Dengan berganti-gantinya aturan seperti itu, Wartono mengungkapkan, para kuwu berasumsi bahwa aturan itu hanya mengada-ada. Menurut dia, kalau yang digunakan adalah rekening kas desa dan rekeningnya di Bank BJB, seharusnya dari awal diinformasikan.
"Yang membedakan rekening pemerintah desa dan rekening kas desa apa sih? Justru rekening pemerintah desa memiliki kelembagaan yang jelas," ucap Wartono.

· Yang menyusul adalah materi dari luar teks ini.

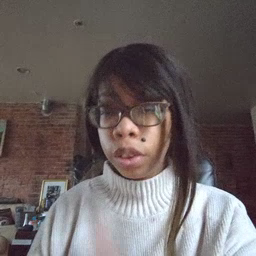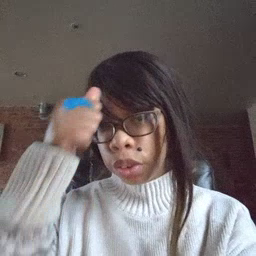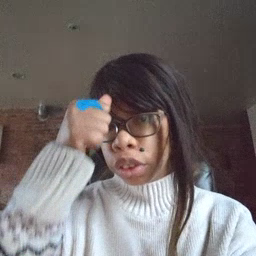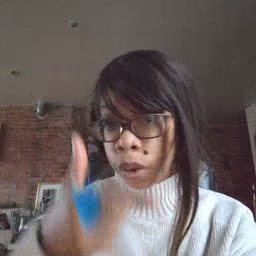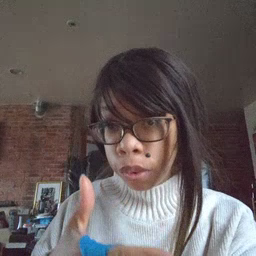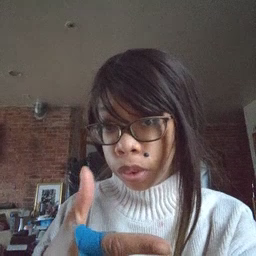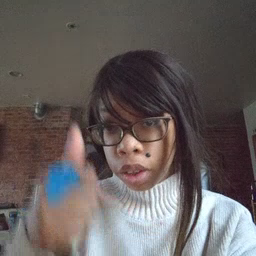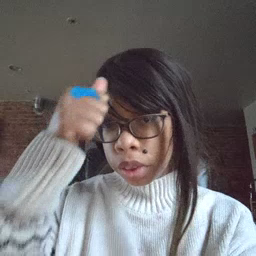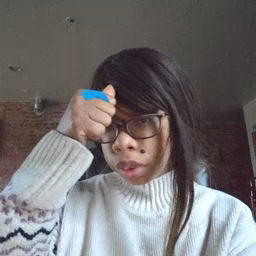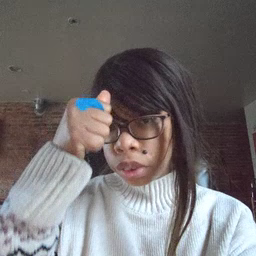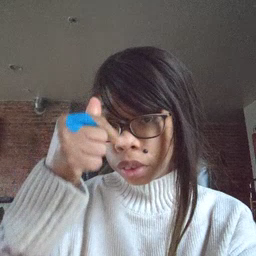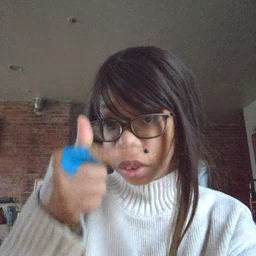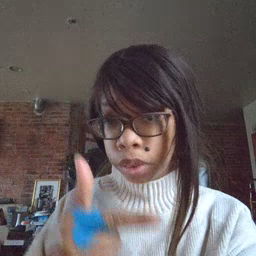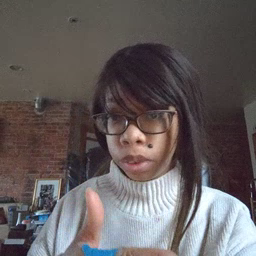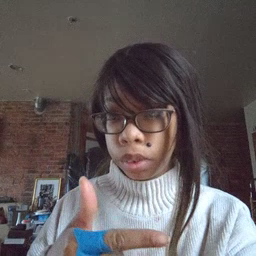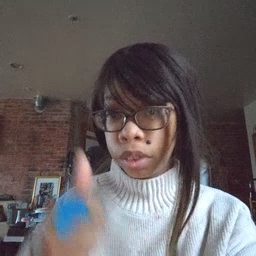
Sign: brother
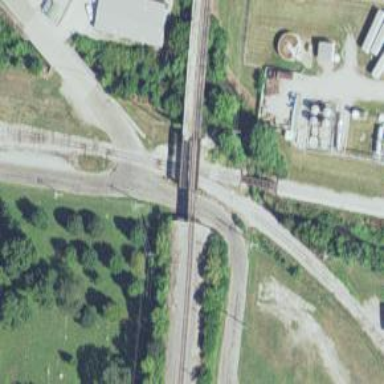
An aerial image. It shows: Preserved railway bridge with one track.
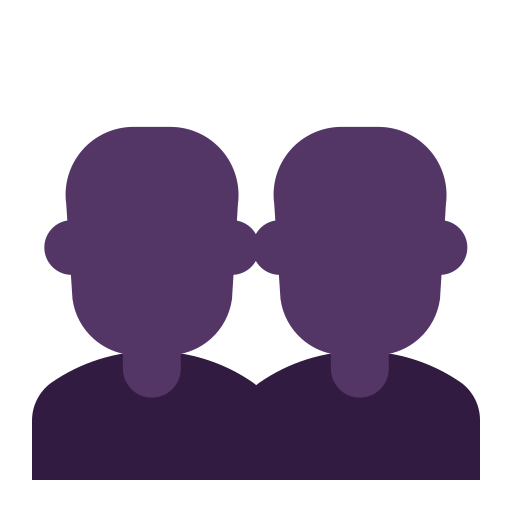
busts in silhouette flat
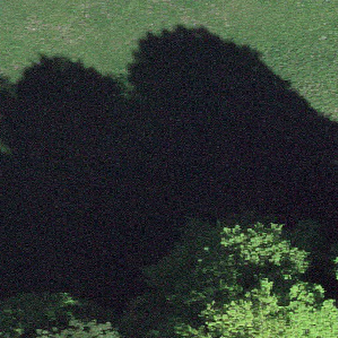
Label: other
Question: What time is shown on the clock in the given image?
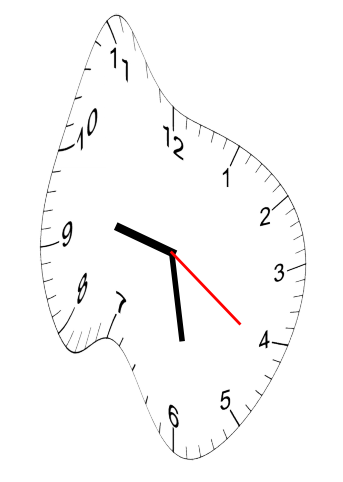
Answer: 09:28:21
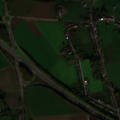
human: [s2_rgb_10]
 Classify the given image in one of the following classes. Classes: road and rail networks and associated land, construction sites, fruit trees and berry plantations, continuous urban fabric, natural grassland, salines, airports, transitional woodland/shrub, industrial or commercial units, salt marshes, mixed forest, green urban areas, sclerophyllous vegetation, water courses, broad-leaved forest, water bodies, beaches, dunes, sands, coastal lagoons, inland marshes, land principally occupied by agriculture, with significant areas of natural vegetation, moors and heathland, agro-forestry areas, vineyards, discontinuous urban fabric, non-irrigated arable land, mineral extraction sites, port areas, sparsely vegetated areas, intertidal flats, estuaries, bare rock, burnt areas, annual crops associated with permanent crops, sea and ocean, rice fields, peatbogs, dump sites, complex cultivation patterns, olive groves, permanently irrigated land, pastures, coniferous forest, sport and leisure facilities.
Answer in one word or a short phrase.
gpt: discontinuous urban fabric, road and rail networks and associated land, non-irrigated arable land, pastures, complex cultivation patterns, moors and heathland

Wartono pun tidak menerima tudingan sejumlah pihak yang menyebutkan bahwa keterlambatan pencairan ADD lantaran ketidakpahaman para kuwu tentang mekanisme.
"Kita malah balik bertanya, sudah berapa kali BPMD memberikan pelatihan dan berapa kali BPMD melakukan perubahan atas aturan yang mereka sampaikan, lalu juklak juknis yang diatur oleh BPMD sejak kapan disampaikan kepada kami? Desa mana saja dan di kecamatan mana saja yang sudah diberikan," ujarnya.

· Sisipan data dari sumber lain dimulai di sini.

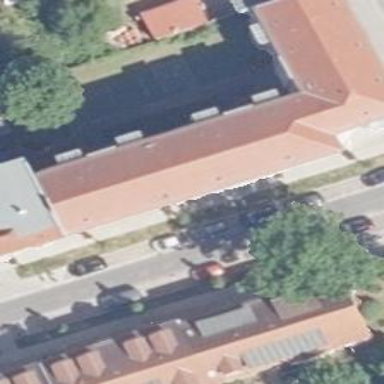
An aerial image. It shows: Apartment building with hipped roof.
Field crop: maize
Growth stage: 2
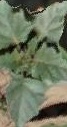
Species: datura
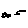
Label: cloud
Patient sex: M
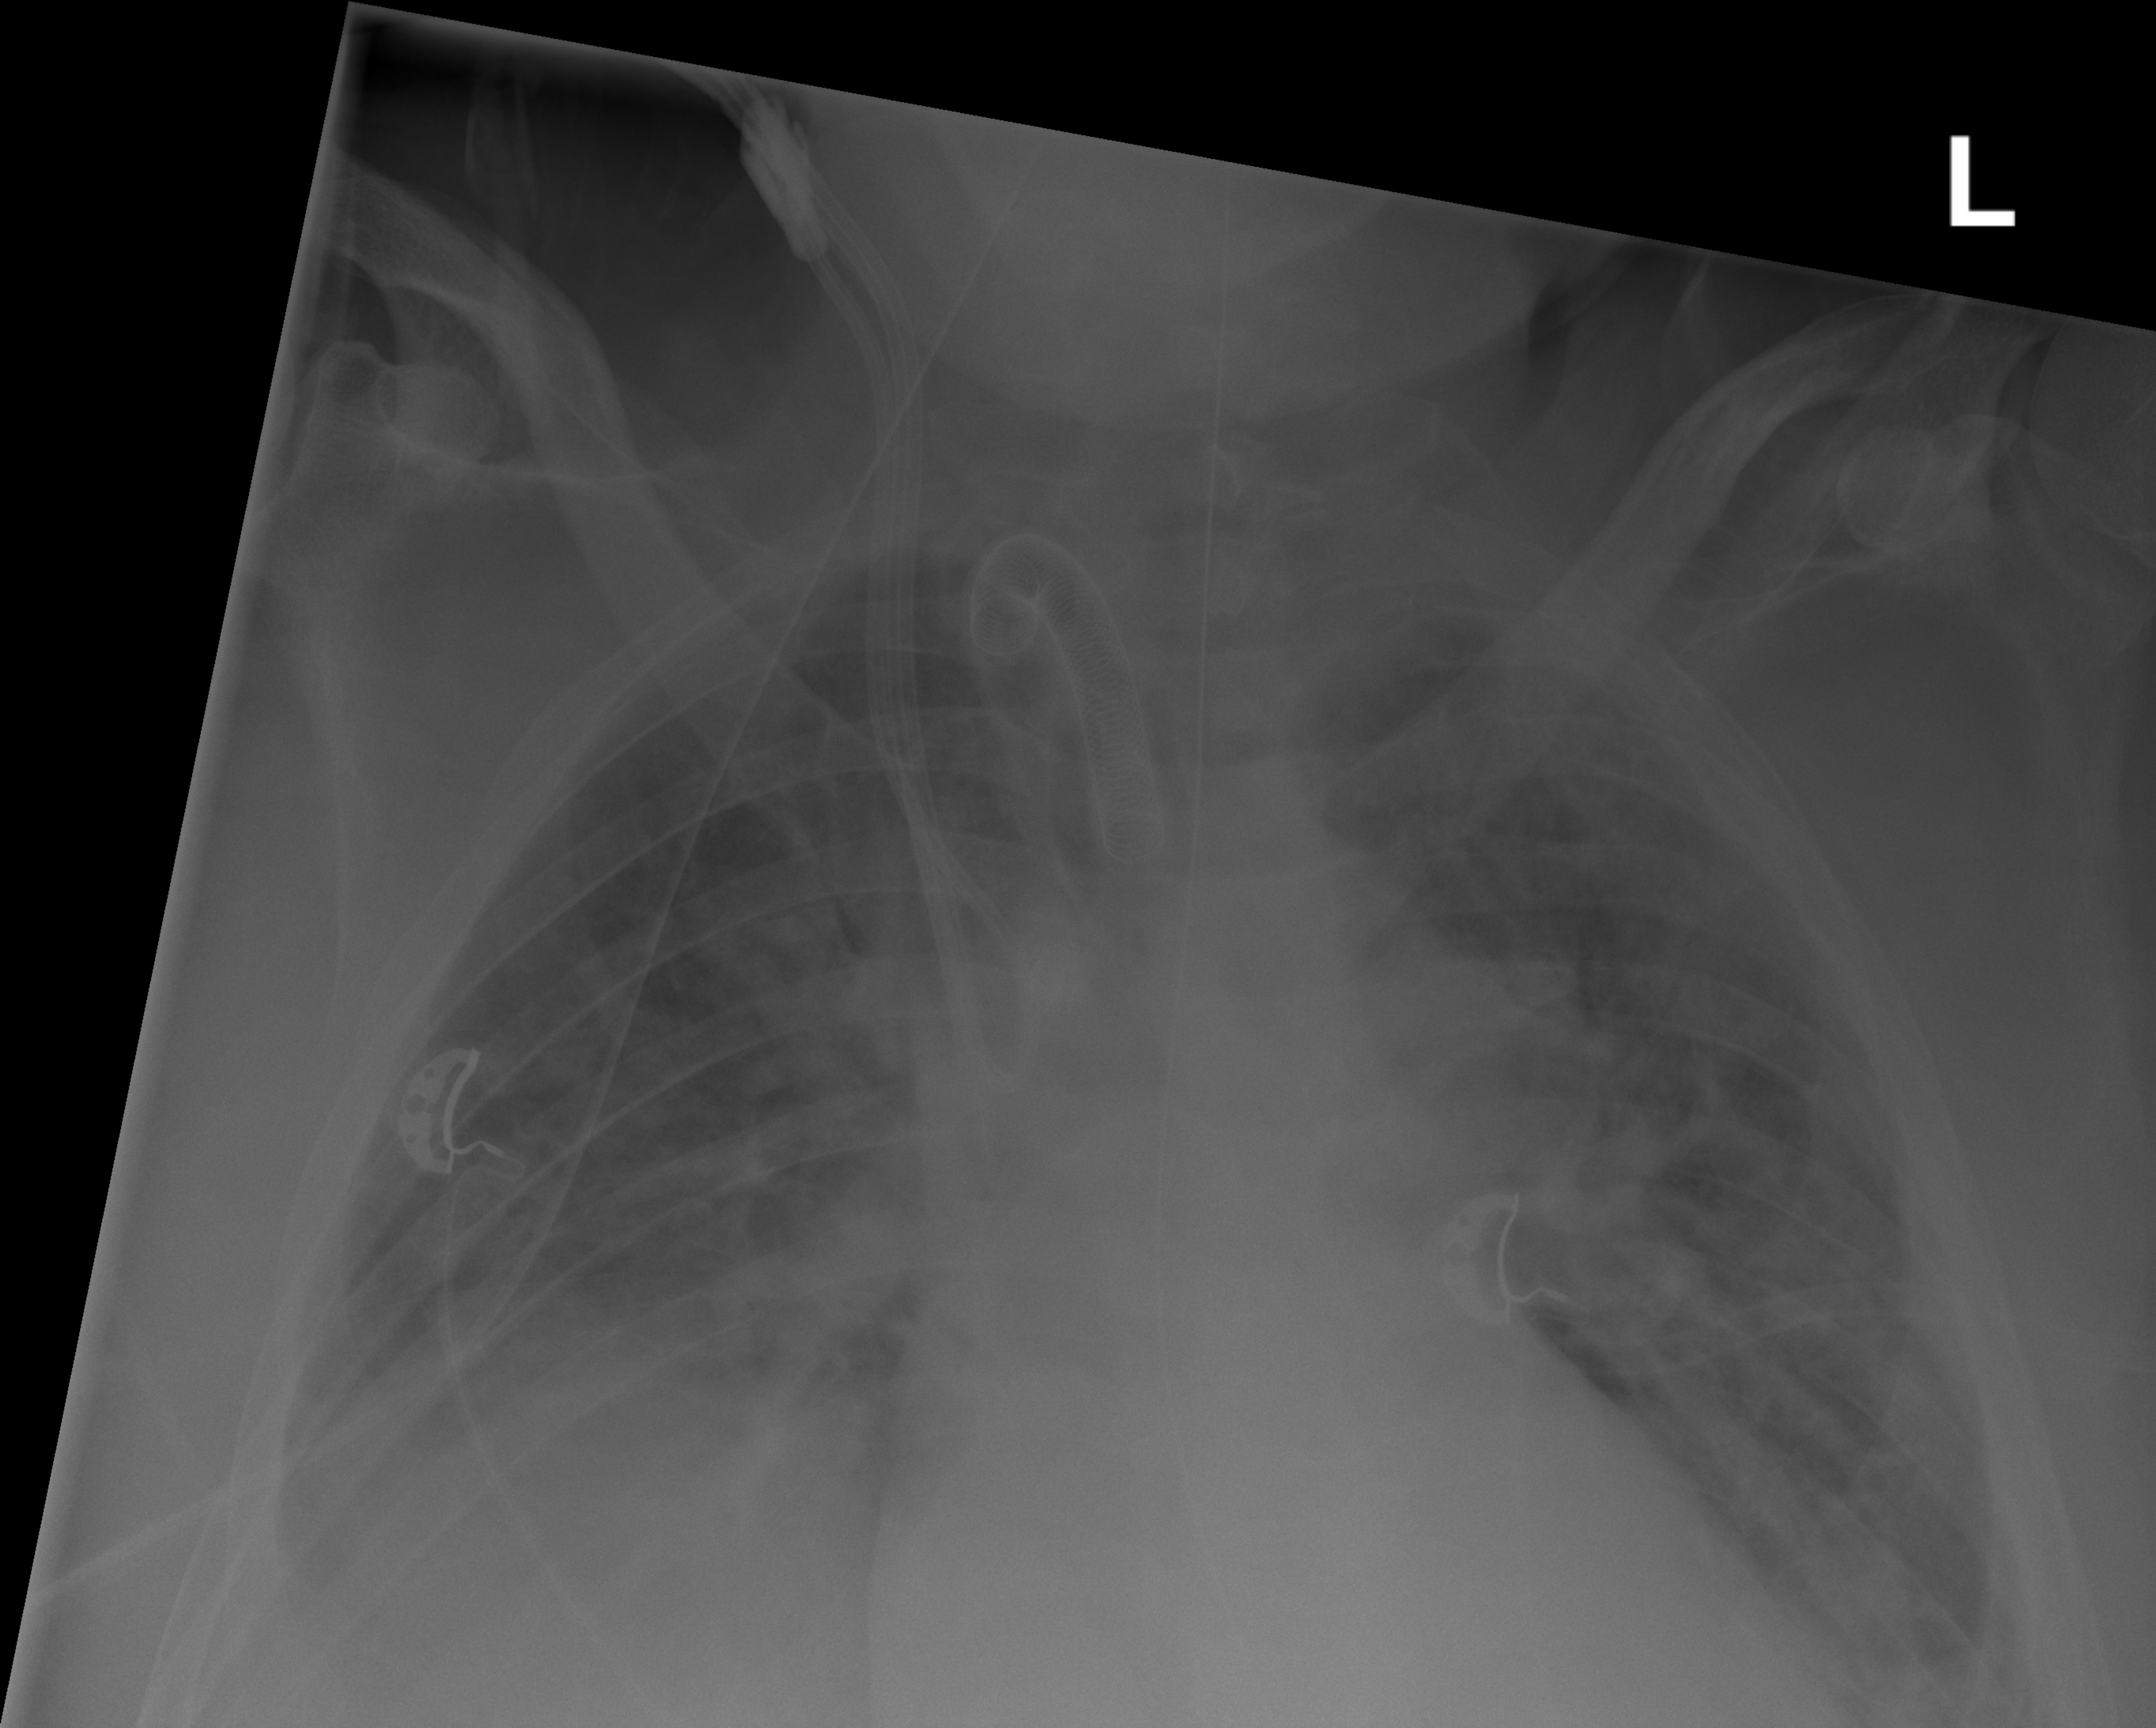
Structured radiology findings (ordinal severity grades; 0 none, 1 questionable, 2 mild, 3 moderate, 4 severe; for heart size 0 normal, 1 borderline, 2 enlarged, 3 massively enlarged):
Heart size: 2
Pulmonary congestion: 2
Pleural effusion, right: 2
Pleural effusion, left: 0
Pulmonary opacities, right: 3
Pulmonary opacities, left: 3
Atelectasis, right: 2
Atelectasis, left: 2

Pasalnya, pihaknya merasa sosialisasi langsung oleh Badan Pemberdayaan Masyarakat Desa Kabupaten Indramayu BPMD belum pernah dilakukan. Adapun pemberian materi di Bandung isinya peninaboboan. Oleh karena itu, Wartono mengaku kurang menerima adanya bila ada yang menyalahkan kuwu dalam keterlambatan proses pencairan ADD.
"Peraturan yang rumit dan para pemegang kebijakan yang menyosialiasikan aturan tersebut juga kurang memahami, seperti halnya kuwu-kuwu," tuturnya.
Salah satu bendahara desa larangan jambe kecamatan kertasemaya, Warkisa, SH dirinya yang kini datang baru mengajukan untuk mencairkan anggaran dana desa itu mengaku sudah kelima kalinya.
"Sama sekarang sudah lima kali mas sejak januari lalu dan memang selalu ganti karena peraturannya berubah-ubah," Ungkapnya
Akibat belum cairnya itupun, diakui pelayanan disana memang masih berjalan namun harus direlakan para pamong desa disana dijalankannya dengan ikhlas betul dengan tanpa mendapat gaji dulu perbulannya.
"Para Pamong puasa loh mas karena memang gak ada uangnya karena susah dicairkan," Keluhnya
Diakui juga pembangunan di desa pun terhambat dan tak berani ditempuh resiko pihaknya untuk mengutang untuk hal itu.
"Kita berani mengutang itu hanya untuk masalah air yang kini menyulitkan pertanian dan jumlahnya itupun hanya puluhan juta," Tukasnya.